Paris court sentences Pakistani man to 30 years for 2020 Charlie Hebdo attack

A man holds a placard reading “I am Charlie” during a gathering at the Old Harbor in Marseille on January 7, 2015, following an attack by unknown gunmen on the offices of the satirical weekly, Charlie Hebdo.

A Paris court on Thursday sentenced a Pakistani man to 30 years in jail for attempting to murder two people outside the former offices of Charlie Hebdo in 2020 with a meat cleaver.

When he carried out the attack, 29-year-old Zaheer Mahmood wrongly believed the satirical newspaper was still based in the building, which was targeted by Islamists a decade ago for publishing cartoons of the Prophet Muhammad.

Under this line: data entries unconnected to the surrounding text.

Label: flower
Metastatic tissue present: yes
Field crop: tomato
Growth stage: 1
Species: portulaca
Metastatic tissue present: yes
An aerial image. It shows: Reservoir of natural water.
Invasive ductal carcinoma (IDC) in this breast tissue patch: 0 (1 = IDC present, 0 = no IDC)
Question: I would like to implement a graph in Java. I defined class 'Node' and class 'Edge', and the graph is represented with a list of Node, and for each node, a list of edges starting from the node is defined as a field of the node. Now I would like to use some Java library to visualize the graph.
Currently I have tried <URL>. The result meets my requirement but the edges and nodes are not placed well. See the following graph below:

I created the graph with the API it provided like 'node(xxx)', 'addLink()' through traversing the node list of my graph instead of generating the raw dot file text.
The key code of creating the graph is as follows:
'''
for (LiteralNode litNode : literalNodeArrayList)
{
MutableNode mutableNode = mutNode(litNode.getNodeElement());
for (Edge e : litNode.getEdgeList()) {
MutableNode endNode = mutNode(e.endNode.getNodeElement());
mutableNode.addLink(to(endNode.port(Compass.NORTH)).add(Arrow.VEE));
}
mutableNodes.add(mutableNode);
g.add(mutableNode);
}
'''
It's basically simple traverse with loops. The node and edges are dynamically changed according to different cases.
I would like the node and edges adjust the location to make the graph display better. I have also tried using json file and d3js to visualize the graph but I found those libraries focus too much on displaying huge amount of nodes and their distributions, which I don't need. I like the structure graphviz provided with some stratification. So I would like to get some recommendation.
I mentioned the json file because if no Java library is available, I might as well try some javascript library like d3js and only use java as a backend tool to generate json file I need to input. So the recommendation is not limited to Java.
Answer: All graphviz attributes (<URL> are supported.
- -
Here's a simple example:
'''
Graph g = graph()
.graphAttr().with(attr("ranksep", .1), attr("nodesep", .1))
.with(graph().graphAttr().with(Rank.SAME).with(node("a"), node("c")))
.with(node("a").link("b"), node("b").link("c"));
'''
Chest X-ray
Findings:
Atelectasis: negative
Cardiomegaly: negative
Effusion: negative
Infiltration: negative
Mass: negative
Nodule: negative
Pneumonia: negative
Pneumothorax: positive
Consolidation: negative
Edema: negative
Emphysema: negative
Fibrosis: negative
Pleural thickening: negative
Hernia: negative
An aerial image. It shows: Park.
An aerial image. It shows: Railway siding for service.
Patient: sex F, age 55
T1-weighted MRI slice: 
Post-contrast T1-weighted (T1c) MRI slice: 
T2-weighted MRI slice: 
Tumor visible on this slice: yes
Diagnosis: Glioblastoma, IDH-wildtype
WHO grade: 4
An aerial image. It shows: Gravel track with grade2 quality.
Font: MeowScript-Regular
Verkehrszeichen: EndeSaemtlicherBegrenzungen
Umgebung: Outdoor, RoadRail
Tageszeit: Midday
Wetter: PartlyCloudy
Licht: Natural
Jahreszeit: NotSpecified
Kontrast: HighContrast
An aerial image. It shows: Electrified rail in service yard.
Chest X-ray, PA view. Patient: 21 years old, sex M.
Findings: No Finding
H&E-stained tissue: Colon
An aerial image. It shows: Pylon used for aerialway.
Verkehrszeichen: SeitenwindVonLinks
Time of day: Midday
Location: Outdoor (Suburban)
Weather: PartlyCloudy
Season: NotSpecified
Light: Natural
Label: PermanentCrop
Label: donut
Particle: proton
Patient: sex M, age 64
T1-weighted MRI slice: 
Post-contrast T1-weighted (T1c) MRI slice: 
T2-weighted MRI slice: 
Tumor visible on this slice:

The newspaper had in fact moved in the wake of the attack, which killed 12 people including eight of the paper’s editorial staff. The killings in 2015 shocked France and triggered a fierce debate about freedom of expression and religion.

Originally from rural Pakistan, Mahmood arrived in France illegally in the summer of 2019. The court had earlier heard how Mahmood was influenced by radical Pakistani preacher Khadim Hussain Rizvi, who had called for the beheading of blasphemers to “avenge the Prophet.”

Mahmood was convicted of attempted murder and terrorist conspiracy, and handed a ban from ever setting foot on French soil again.